Since in-line dedupe and SmartDedupe use different hashing algorithms, the indexes for each are not shared directly. However, the work performed by each dedupe solution can be leveraged by each other. For instance, if SmartDedupe writes data to a shadow store, when those blocks are read, the read hashing component of inline dedupe will see those blocks and index them.
When a match is found, in-line dedupe performs a byte-by-byte comparison of each block to be shared to avoid the potential for a hash collision. Data is prefetched prior to the byte-by-byte check and then compared against the L1 cache buffer directly, avoiding unnecessary data copies and adding minimal overhead. Once the matching blocks have been compared and verified as identical, they are then shared by writing the matching data to a common shadow store and creating references from the original files to this shadow store.
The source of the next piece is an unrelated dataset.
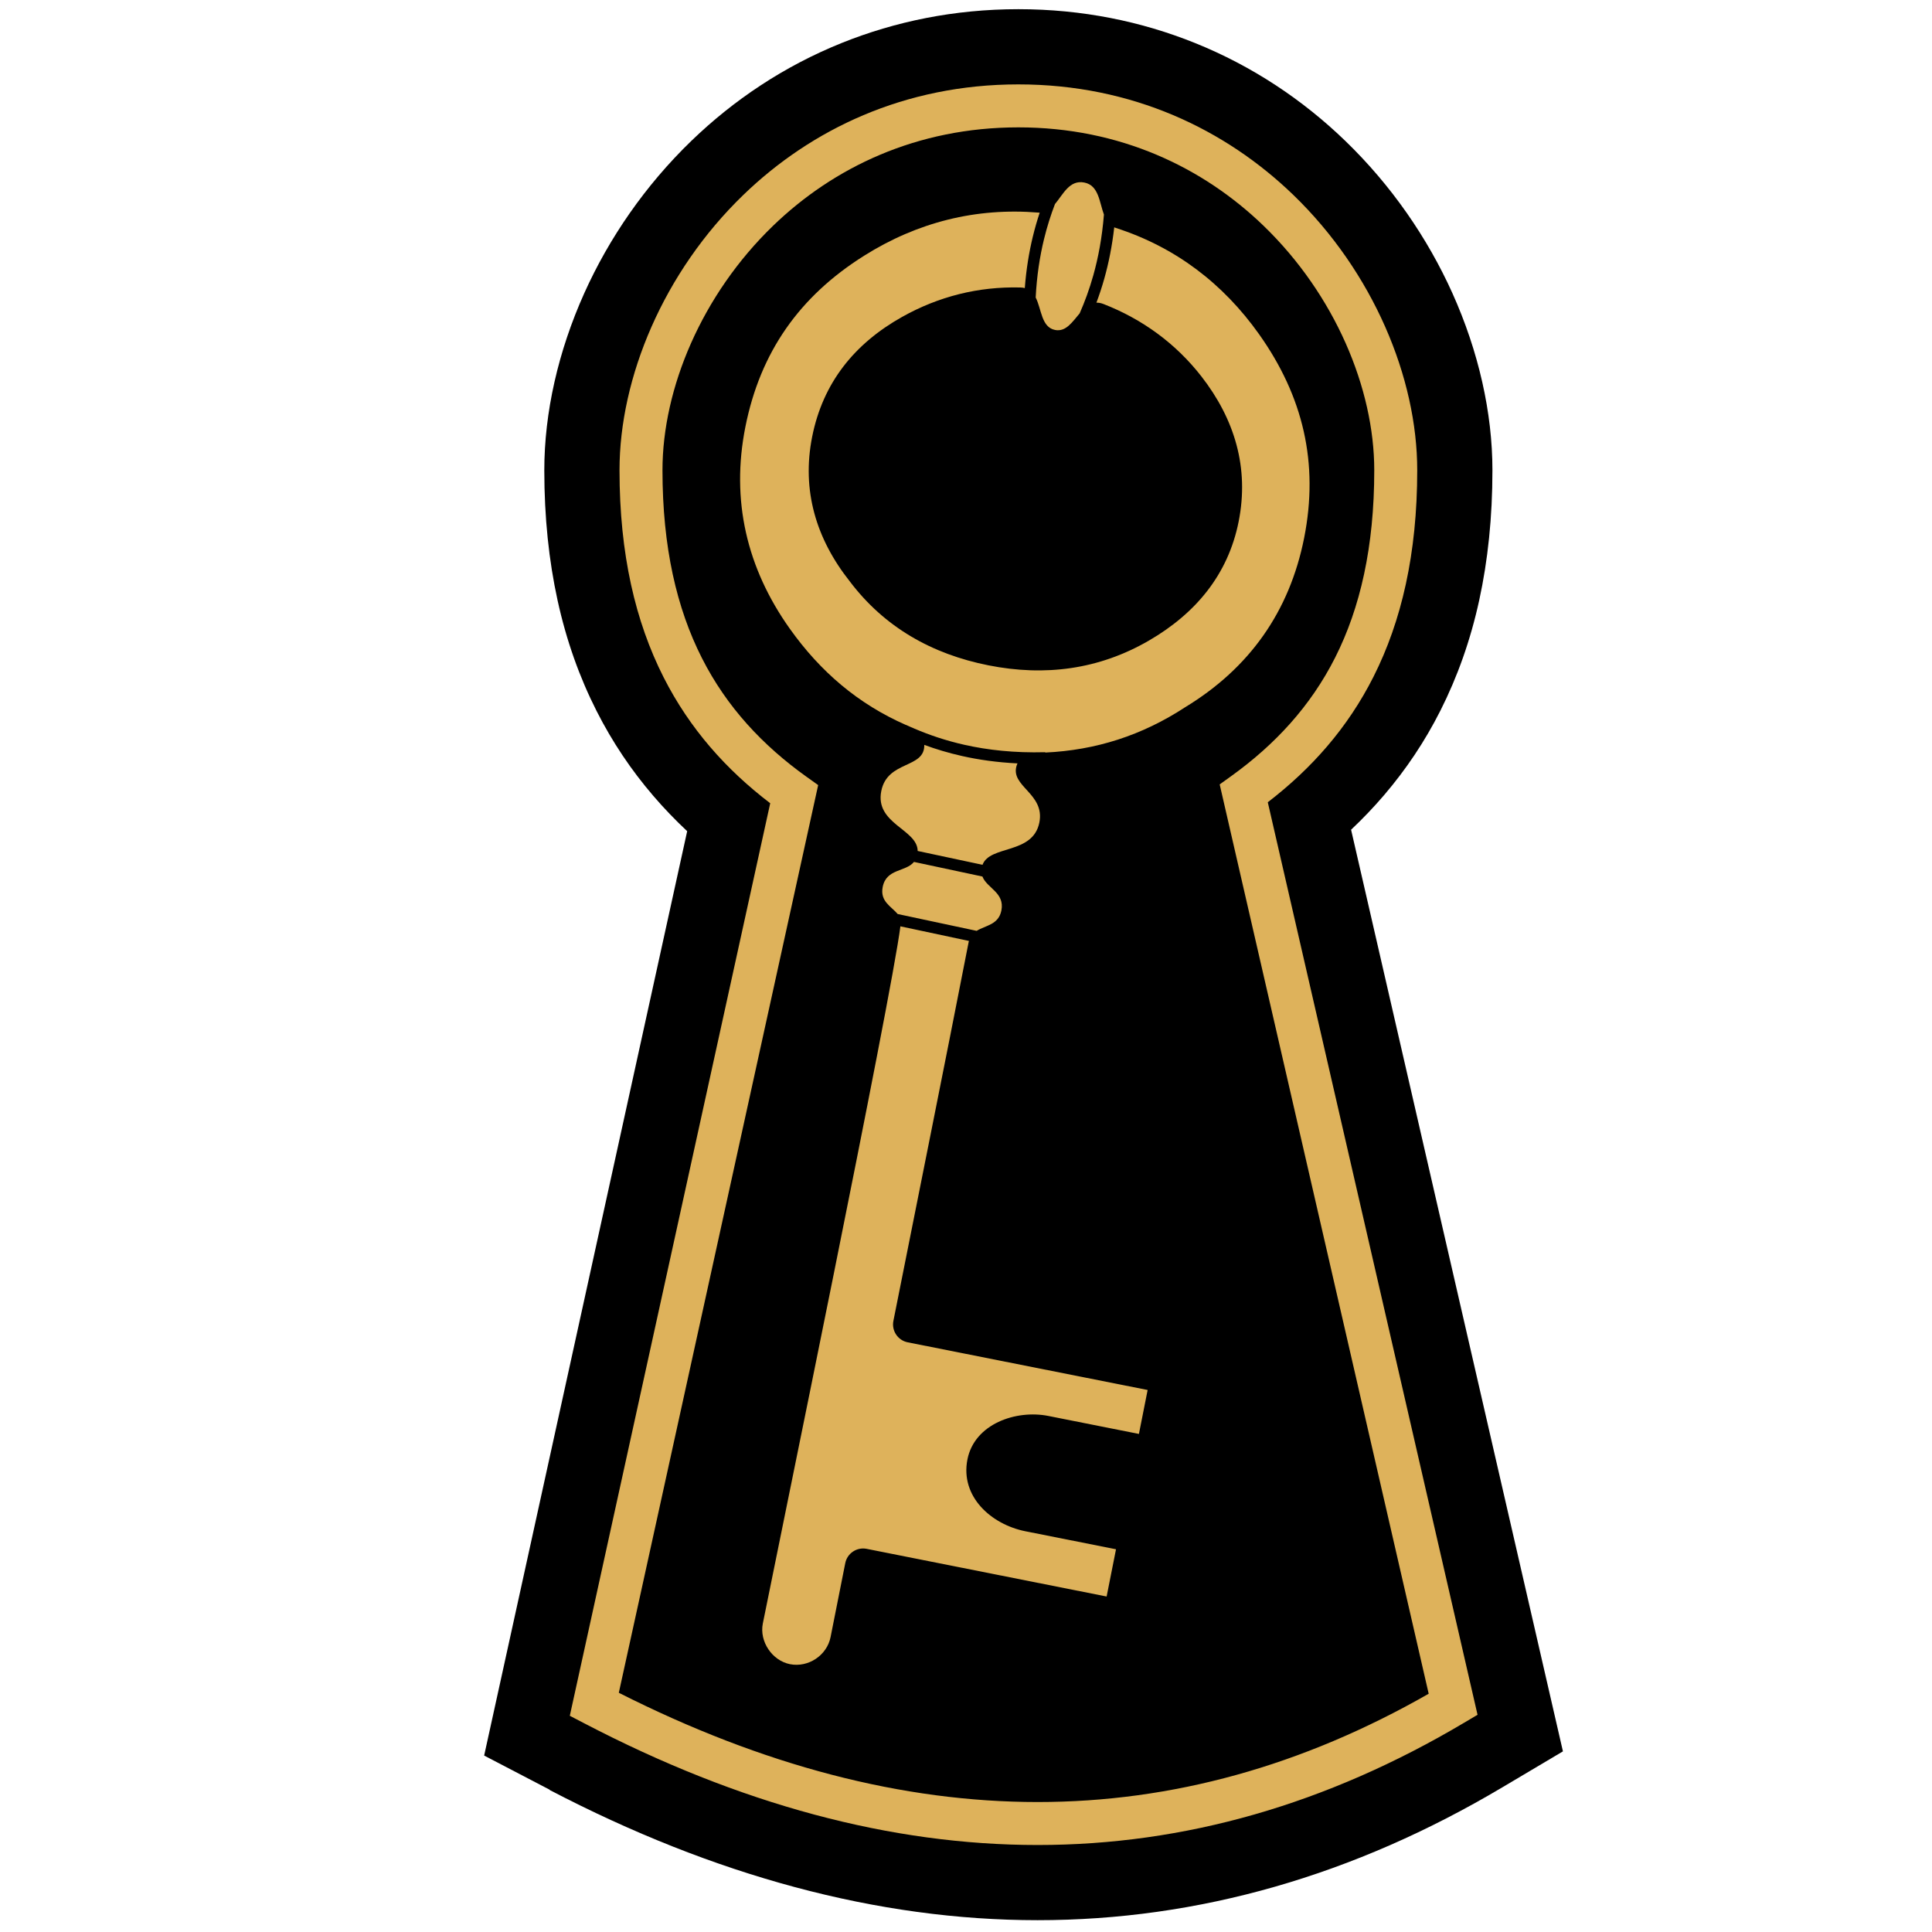 <svg xmlns="http://www.w3.org/2000/svg" xmlns:xlink="http://www.w3.org/1999/xlink" width="1084" zoomAndPan="magnify" viewBox="0 0 812.88 813" height="1084" preserveAspectRatio="xMidYMid meet" version="1.2"><g id="0b904da78f"><path style=" stroke:none;fill-rule:evenodd;fill:#000000;fill-opacity:1;" d="M 428.477 3.867 C 455.461 3.867 480.309 9.055 502.699 18.055 C 527.141 27.879 548.363 42.207 566.012 59.25 C 585.527 78.09 600.711 100.266 611.098 123.316 C 622.156 147.887 627.965 173.695 627.965 197.883 C 627.965 217.719 626.047 235.844 622.43 252.469 C 618.734 269.461 613.207 284.891 606.09 298.996 C 599.48 312.105 591.535 323.867 582.449 334.504 C 578.051 339.656 573.391 344.527 568.488 349.152 L 657.633 736.992 L 632.082 752.156 C 600.844 770.699 568.973 784.629 536.484 793.934 C 503.715 803.328 470.402 808.027 436.578 808.027 C 403.055 808.027 369.012 803.395 334.461 794.121 C 300.363 784.973 265.965 771.352 231.273 753.262 L 231.273 753.141 L 203.676 738.754 L 289.109 349.77 C 284.105 345.086 279.336 340.129 274.82 334.863 C 265.695 324.23 257.691 312.418 251.004 299.223 C 243.852 285.117 238.289 269.637 234.559 252.578 C 230.922 235.914 228.988 217.758 228.988 197.883 C 228.988 173.672 234.789 147.867 245.84 123.301 C 256.215 100.25 271.391 78.086 290.902 59.242 C 308.559 42.195 329.773 27.871 354.223 18.051 C 376.621 9.055 401.484 3.867 428.473 3.867 Z M 428.477 3.867 "/><path style=" stroke:none;fill-rule:nonzero;fill:#deb25b;fill-opacity:1;" d="M 428.477 35.512 C 476.449 35.512 515.688 54.527 544.133 81.984 C 577.805 114.496 596.32 159.008 596.32 197.883 C 596.32 233.109 589.676 261.465 577.914 284.781 C 567.02 306.371 551.797 323.473 533.434 337.594 L 621.699 721.598 L 616.016 724.965 C 558.262 759.246 498.445 776.391 436.578 776.391 C 374.879 776.391 311.297 759.328 245.859 725.211 L 239.719 722.012 L 324.055 338.008 C 305.539 323.887 290.188 306.703 279.188 285.012 C 267.332 261.621 260.633 233.164 260.633 197.883 C 260.633 158.957 279.137 114.473 312.789 81.98 C 341.234 54.516 380.477 35.512 428.477 35.512 Z M 531.633 94.984 C 506.297 70.527 471.312 53.594 428.477 53.594 C 385.613 53.594 350.621 70.52 325.281 94.98 C 295.242 123.996 278.715 163.477 278.715 197.883 C 278.715 230.219 284.699 255.992 295.293 276.887 C 305.797 297.609 320.949 313.746 339.359 326.895 L 344.23 330.371 L 260.34 712.332 C 320.98 742.98 379.727 758.309 436.578 758.309 C 493.152 758.309 548.012 743.113 601.141 712.738 L 513.195 330.082 L 518.066 326.578 C 536.34 313.418 551.375 297.332 561.805 276.66 C 572.309 255.848 578.238 230.168 578.238 197.883 C 578.238 163.523 561.699 124.023 531.633 94.984 Z M 531.633 94.984 "/><path style=" stroke:none;fill-rule:evenodd;fill:#deb25b;fill-opacity:1;" d="M 371.387 373.23 C 370.176 379.348 375.004 381.414 377.691 384.625 L 410.922 391.711 C 414.656 389.383 420.129 389.199 421.328 383.152 C 422.828 375.582 415.254 373.789 413.352 368.848 L 384.547 362.703 C 381.051 366.98 372.938 365.43 371.387 373.234 Z M 378.832 389.805 C 375.152 419.348 326.398 655.711 320.938 683.203 C 319.441 690.73 324.832 698.797 332.363 700.297 C 340.055 701.82 347.918 696.625 349.457 688.871 L 355.633 657.781 C 356.457 653.641 360.5 650.938 364.633 651.762 L 465.617 671.824 L 469.566 651.945 L 431.469 644.375 C 417.121 641.527 403.922 629.828 407.047 614.117 C 410.023 599.168 427.484 593.137 441.109 595.844 L 479.207 603.41 L 482.875 584.918 L 381.898 564.852 C 377.766 564.035 375.062 559.988 375.887 555.852 C 386.434 502.766 397.156 449.695 407.523 396.578 C 407.566 396.363 407.617 396.16 407.672 395.957 Z M 413.391 363.918 C 416.523 355.512 434.605 359.699 437.312 346.105 C 439.746 333.828 424.797 330.93 427.793 322.02 C 427.887 321.75 427.988 321.492 428.105 321.242 C 419.52 320.824 411.801 319.715 404.84 318.152 C 399.008 316.848 393.711 315.234 388.883 313.453 C 389.129 323.559 373.375 319.867 370.785 332.887 C 368.043 346.711 386.059 348.957 386.098 358.094 Z M 439.789 316.68 C 461.035 315.688 480.445 309.523 498.68 297.594 C 525.711 281.176 542.57 257.367 548.73 226.379 C 554.984 194.875 548.316 166.793 529.777 140.652 C 514.602 119.266 494.504 103.957 469.504 95.922 C 469.266 95.844 469.039 95.758 468.82 95.66 C 467.922 103.59 466.469 110.727 464.656 117.176 C 463.645 120.781 462.52 124.172 461.32 127.367 C 462.234 127.34 463.234 127.516 464.316 127.938 C 480.652 134.309 494.68 144.52 505.477 158.367 C 519.516 176.391 525.664 196.883 521.172 219.473 C 516.719 241.887 502.988 258.199 483.441 269.543 C 462.391 281.758 439.68 284.707 415.871 279.973 C 392.07 275.25 372.074 263.918 357.504 244.609 C 343.348 226.723 337.223 206.32 341.699 183.812 C 346.223 161.035 359.535 144.57 379.605 133.328 C 394.965 124.73 411.633 120.543 429.242 120.973 C 429.957 120.988 430.598 121.074 431.184 121.223 C 431.785 113.285 432.98 106.109 434.551 99.609 C 435.418 96.035 436.398 92.672 437.453 89.492 L 437.004 89.469 C 410.621 87.281 385.938 93.535 363.539 107.629 C 336.363 124.723 319.855 148.164 313.594 179.664 C 307.469 210.48 314.145 239.066 332.336 264.625 C 345.172 282.66 361.039 296.227 381.129 305.059 L 381.145 305.023 L 383.105 305.91 L 383.133 305.922 L 383.148 305.926 L 384.113 306.324 C 384.344 306.418 384.574 306.523 384.793 306.637 C 390.906 309.246 397.883 311.656 405.875 313.445 C 415.539 315.609 426.734 316.887 439.781 316.535 L 439.781 316.68 Z M 464.48 90.289 C 462.539 85.02 462.309 78.027 456.238 76.816 C 450.008 75.582 447.375 81.707 443.875 85.875 C 442.145 90.391 440.555 95.324 439.242 100.742 C 437.488 107.973 436.227 116.078 435.762 125.195 C 438.27 130.109 438.117 137.699 443.914 138.852 C 448.492 139.758 451.219 135.441 454.277 131.852 C 456.387 127.062 458.352 121.762 460.008 115.871 C 462.117 108.367 463.719 99.898 464.48 90.289 Z M 464.48 90.289 "/></g></svg>

In-line dedupe samples every whole block written and handles each block independently, so it can aggressively locate block duplicity. If a contiguous run of matching blocks is detected, in-line dedupe will merge the results into regions and process them efficiently.
In-line dedupe also detects dedupe opportunities from the read path, and blocks are hashed as they are read into L1 cache and inserted into the index. If an existing entry exists for that hash, in-line dedupe knows there is a block sharing opportunity between the block it just read and the one previously indexed. It combines that information and queues a request to an asynchronous dedupe worker thread. As such, it is possible to deduplicate a data set purely by reading it all. To help mitigate the performance impact, the hashing is performed out-of-band in the prefetch path, rather than in the latency-sensitive read path.
Since in-line deduplication configuration is binary, either on or off across a cluster, it can be easily controlled via the OneFS command line interface (CLI). For example, the following syntax will enable in-line deduplication and verify the configuration:
# isi dedupe inline settings view
# isi dedupe inline settings modify –-mode enabled
# isi dedupe inline settings view
Note that in-line deduplication is disabled by default on new F810 cluster running OneFS 8.2.1.
While there are no visible userspace changes when files are deduplicated, if deduplication has occurred, both the ‘disk usage’ and the ‘physical blocks’ metric reported by the ‘isi get –DD’ CLI command will be reduced. Additionally, at the bottom of the command’s output, the logical block statistics will report the number of shadow blocks. For example:
Metatree logical blocks:
zero=260814 shadow=362 ditto=0 prealloc=0 block=2 compressed=0
OneFS in-line data deduplication can be disabled from the CLI with the following syntax:
# isi dedupe inline settings modify –-mode disabled
# isi dedupe inline settings view
OneFS in-line data deduplication can be paused from the CLI with the following syntax:
# isi dedupe inline settings modify –-mode paused
OneFS in-line data deduplication can be run in assess mode from the CLI with the following syntax:
# isi dedupe inline settings modify –-mode assess
Problems with in-line dedupe may generate the following OneFS events and alerts. These include:
Inline dedupe index allocation failed
Inline dedupe index allocation in progress
Inline dedupe not supported
Inline dedupe index is smaller than requested
Inline dedupe index has non standard layout
In the event that in-line deduplication encounters an unrecoverable error, it will restart the write operation with in-line dedupe disabled. If any of the above alert conditions occur, please contact Isilon Technical Support for further evaluation.